## Task material
• • • • • • •

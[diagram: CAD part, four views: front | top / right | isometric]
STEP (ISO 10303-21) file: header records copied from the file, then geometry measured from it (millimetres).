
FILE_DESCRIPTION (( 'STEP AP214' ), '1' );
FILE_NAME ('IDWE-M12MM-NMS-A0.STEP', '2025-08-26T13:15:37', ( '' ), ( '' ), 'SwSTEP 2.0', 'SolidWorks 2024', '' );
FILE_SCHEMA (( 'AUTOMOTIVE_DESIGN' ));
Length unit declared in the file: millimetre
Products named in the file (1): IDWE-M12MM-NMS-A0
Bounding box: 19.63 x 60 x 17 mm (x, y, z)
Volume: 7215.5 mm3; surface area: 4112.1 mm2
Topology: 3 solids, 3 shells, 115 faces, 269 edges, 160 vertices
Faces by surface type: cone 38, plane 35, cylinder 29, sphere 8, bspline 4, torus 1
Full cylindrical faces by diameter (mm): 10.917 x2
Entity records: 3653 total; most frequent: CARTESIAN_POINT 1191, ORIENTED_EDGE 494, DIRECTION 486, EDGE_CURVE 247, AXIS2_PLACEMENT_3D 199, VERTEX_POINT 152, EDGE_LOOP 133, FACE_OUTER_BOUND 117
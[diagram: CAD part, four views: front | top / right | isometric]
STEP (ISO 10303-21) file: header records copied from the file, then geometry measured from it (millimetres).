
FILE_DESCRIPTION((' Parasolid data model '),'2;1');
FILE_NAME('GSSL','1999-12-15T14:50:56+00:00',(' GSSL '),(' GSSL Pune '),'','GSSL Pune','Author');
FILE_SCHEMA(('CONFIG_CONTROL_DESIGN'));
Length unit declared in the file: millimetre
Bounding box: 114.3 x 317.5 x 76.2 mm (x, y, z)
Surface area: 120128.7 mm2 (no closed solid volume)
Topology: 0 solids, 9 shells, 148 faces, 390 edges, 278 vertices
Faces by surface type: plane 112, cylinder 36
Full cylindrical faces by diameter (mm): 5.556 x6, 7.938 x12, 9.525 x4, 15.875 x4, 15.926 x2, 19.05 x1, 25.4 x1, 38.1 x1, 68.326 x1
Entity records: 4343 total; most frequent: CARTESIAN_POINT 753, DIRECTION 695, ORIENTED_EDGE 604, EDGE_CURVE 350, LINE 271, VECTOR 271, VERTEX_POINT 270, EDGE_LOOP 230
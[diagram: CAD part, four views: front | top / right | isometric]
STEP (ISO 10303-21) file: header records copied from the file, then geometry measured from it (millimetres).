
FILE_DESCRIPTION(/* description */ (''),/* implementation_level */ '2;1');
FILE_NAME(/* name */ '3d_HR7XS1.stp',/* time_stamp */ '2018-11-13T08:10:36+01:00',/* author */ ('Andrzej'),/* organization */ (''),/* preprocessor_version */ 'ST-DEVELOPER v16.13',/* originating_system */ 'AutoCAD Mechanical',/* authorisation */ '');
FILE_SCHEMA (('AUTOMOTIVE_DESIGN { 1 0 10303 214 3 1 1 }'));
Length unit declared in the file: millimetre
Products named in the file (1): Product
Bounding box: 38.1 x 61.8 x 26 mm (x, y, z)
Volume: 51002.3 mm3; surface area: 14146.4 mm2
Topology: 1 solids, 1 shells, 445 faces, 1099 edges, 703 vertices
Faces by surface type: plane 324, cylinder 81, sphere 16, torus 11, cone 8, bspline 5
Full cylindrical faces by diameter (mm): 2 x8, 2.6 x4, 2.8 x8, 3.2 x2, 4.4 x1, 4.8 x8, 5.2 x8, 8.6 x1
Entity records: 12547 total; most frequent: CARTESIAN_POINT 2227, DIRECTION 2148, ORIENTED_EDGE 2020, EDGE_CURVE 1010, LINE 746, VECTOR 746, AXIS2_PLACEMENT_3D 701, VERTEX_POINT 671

• • • • • • •

All of the entries above must be transcribed exactly.

## Task answer
[diagram: CAD part, four views: front | top / right | isometric]
STEP (ISO 10303-21) file: header records copied from the file, then geometry measured from it (millimetres).
FILE_DESCRIPTION (( 'STEP AP214' ), '1' );
FILE_NAME ('IDWE-M12MM-NMS-A0.STEP', '2025-08-26T13:15:37', ( '' ), ( '' ), 'SwSTEP 2.0', 'SolidWorks 2024', '' );
FILE_SCHEMA (( 'AUTOMOTIVE_DESIGN' ));
Length unit declared in the file: millimetre
Products named in the file (1): IDWE-M12MM-NMS-A0
Bounding box: 19.63 x 60 x 17 mm (x, y, z)
Volume: 7215.5 mm3; surface area: 4112.1 mm2
Topology: 3 solids, 3 shells, 115 faces, 269 edges, 160 vertices
Faces by surface type: cone 38, plane 35, cylinder 29, sphere 8, bspline 4, torus 1
Full cylindrical faces by diameter (mm): 10.917 x2
Entity records: 3653 total; most frequent: CARTESIAN_POINT 1191, ORIENTED_EDGE 494, DIRECTION 486, EDGE_CURVE 247, AXIS2_PLACEMENT_3D 199, VERTEX_POINT 152, EDGE_LOOP 133, FACE_OUTER_BOUND 117
[diagram: CAD part, four views: front | top / right | isometric]
STEP (ISO 10303-21) file: header records copied from the file, then geometry measured from it (millimetres).
FILE_DESCRIPTION((' Parasolid data model '),'2;1');
FILE_NAME('GSSL','1999-12-15T14:50:56+00:00',(' GSSL '),(' GSSL Pune '),'','GSSL Pune','Author');
FILE_SCHEMA(('CONFIG_CONTROL_DESIGN'));
Length unit declared in the file: millimetre
Bounding box: 114.3 x 317.5 x 76.2 mm (x, y, z)
Surface area: 120128.7 mm2 (no closed solid volume)
Topology: 0 solids, 9 shells, 148 faces, 390 edges, 278 vertices
Faces by surface type: plane 112, cylinder 36
Full cylindrical faces by diameter (mm): 5.556 x6, 7.938 x12, 9.525 x4, 15.875 x4, 15.926 x2, 19.05 x1, 25.4 x1, 38.1 x1, 68.326 x1
Entity records: 4343 total; most frequent: CARTESIAN_POINT 753, DIRECTION 695, ORIENTED_EDGE 604, EDGE_CURVE 350, LINE 271, VECTOR 271, VERTEX_POINT 270, EDGE_LOOP 230
[diagram: CAD part, four views: front | top / right | isometric]
STEP (ISO 10303-21) file: header records copied from the file, then geometry measured from it (millimetres).
FILE_DESCRIPTION(/* description */ (''),/* implementation_level */ '2;1');
FILE_NAME(/* name */ '3d_HR7XS1.stp',/* time_stamp */ '2018-11-13T08:10:36+01:00',/* author */ ('Andrzej'),/* organization */ (''),/* preprocessor_version */ 'ST-DEVELOPER v16.13',/* originating_system */ 'AutoCAD Mechanical',/* authorisation */ '');
FILE_SCHEMA (('AUTOMOTIVE_DESIGN { 1 0 10303 214 3 1 1 }'));
Length unit declared in the file: millimetre
Products named in the file (1): Product
Bounding box: 38.1 x 61.8 x 26 mm (x, y, z)
Volume: 51002.3 mm3; surface area: 14146.4 mm2
Topology: 1 solids, 1 shells, 445 faces, 1099 edges, 703 vertices
Faces by surface type: plane 324, cylinder 81, sphere 16, torus 11, cone 8, bspline 5
Full cylindrical faces by diameter (mm): 2 x8, 2.6 x4, 2.8 x8, 3.2 x2, 4.4 x1, 4.8 x8, 5.2 x8, 8.6 x1
Entity records: 12547 total; most frequent: CARTESIAN_POINT 2227, DIRECTION 2148, ORIENTED_EDGE 2020, EDGE_CURVE 1010, LINE 746, VECTOR 746, AXIS2_PLACEMENT_3D 701, VERTEX_POINT 671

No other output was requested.